Como resultado, o princípio constitucional da obrigatoriedade na realização de estudos de impacto ambiental de atividades com potencial dano ao meio ambiente teria sido violado inúmeras vezes, flexibilizando a entrada de transgênicos.

O relator do caso no STF, ministro Nunes Marques, votou contra a ADI. Edson Fachin foi favorável, e em seguida Gilmar Mendes pediu vistas.

No dia 4 de setembro, o atual presidente da CTNBio, Paulo Barroso, seu substituto Flavio Finardi Filho e outros nove ex-presidentes da Comissão assinaram um artigo no portal Poder360 criticando a ADI e sinalizando que já haveria consenso em torno da segurança dos OGMs.

Quase 20 dias depois, quinze ex-membros da CTNBio reagiram àquele posicionamento e publicaram uma nota intitulada “Em defesa da ciência, com ética”.

No texto, eles afirmam que “as opiniões ali são frágeis, infundadas e enganosas ao afirmarem haver consenso da comunidade científica sobre a segurança para a saúde e ambiente no plantio de lavouras transgênicas.”

“Embora não existam estatísticas oficiais, as decisões tomadas pela CTNBio levaram a um cenário em que mais de 50 milhões de hectares dos 6 biomas brasileiros estão ocupados por soja, milho, algodão, cana e eucalipto geneticamente modificados”, dizem os autores, acrescentando que o STF atuará “a favor da ciência” caso reconheça como inconstitucionais alguns dispositivos da Lei de Biossegurança.

A nota de resposta, lançada nesta quinta-feira (23), também foi veiculada pelo Poder360.

Confira na íntegra:

“Em atenção à nota “O STF julga um atentado à ciência brasileira”, na condição de pesquisa e ex-integrantes desta Comissão, afirmamos o que segue.

A nota refere-se à ação direta de inconstitucionalidade (ADI) ajuizada em 2005 que questiona um conjunto de dispositivos da Lei de Biossegurança e foi publicada no Poder360 em 4 de setembro de 2021, assinada por ex-presidentes da CTNBio (Comissão Técnica Nacional de Biossegurança).
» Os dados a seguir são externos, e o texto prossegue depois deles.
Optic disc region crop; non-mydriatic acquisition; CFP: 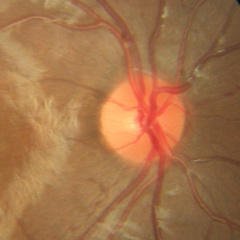 Impression = no glaucomatous findings.

As opiniões ali são frágeis, infundadas e enganosas ao afirmarem haver consenso da comunidade científica sobre a segurança para a saúde e ambiente no plantio de lavouras transgênicas. Embora não existam estatísticas oficiais, as decisões tomadas pela CTNBio levaram a um cenário em que mais de 50 milhões de hectares dos 6 biomas brasileiros estão ocupados por soja, milho, algodão, cana e eucalipto geneticamente modificados.

Segundo a empresa de consultoria Celeres, as variedades transgênicas de soja, milho e algodão alcançado mais de 80% da área cultivada. Quase todas as variedades de plantas geneticamente modificadas carregam genes para resistência a herbicidas, incluindo alguns já banidos em outros países. Além disso, estudos científicos com desenhos metodológicos adequados à investigação científica robusta, sobre danos ambientais ou à saúde humana, são muito pouco exigidos ou, quando presentes, pouco interferem na tomada de decisão pela maioria dos integrantes da CTNBio.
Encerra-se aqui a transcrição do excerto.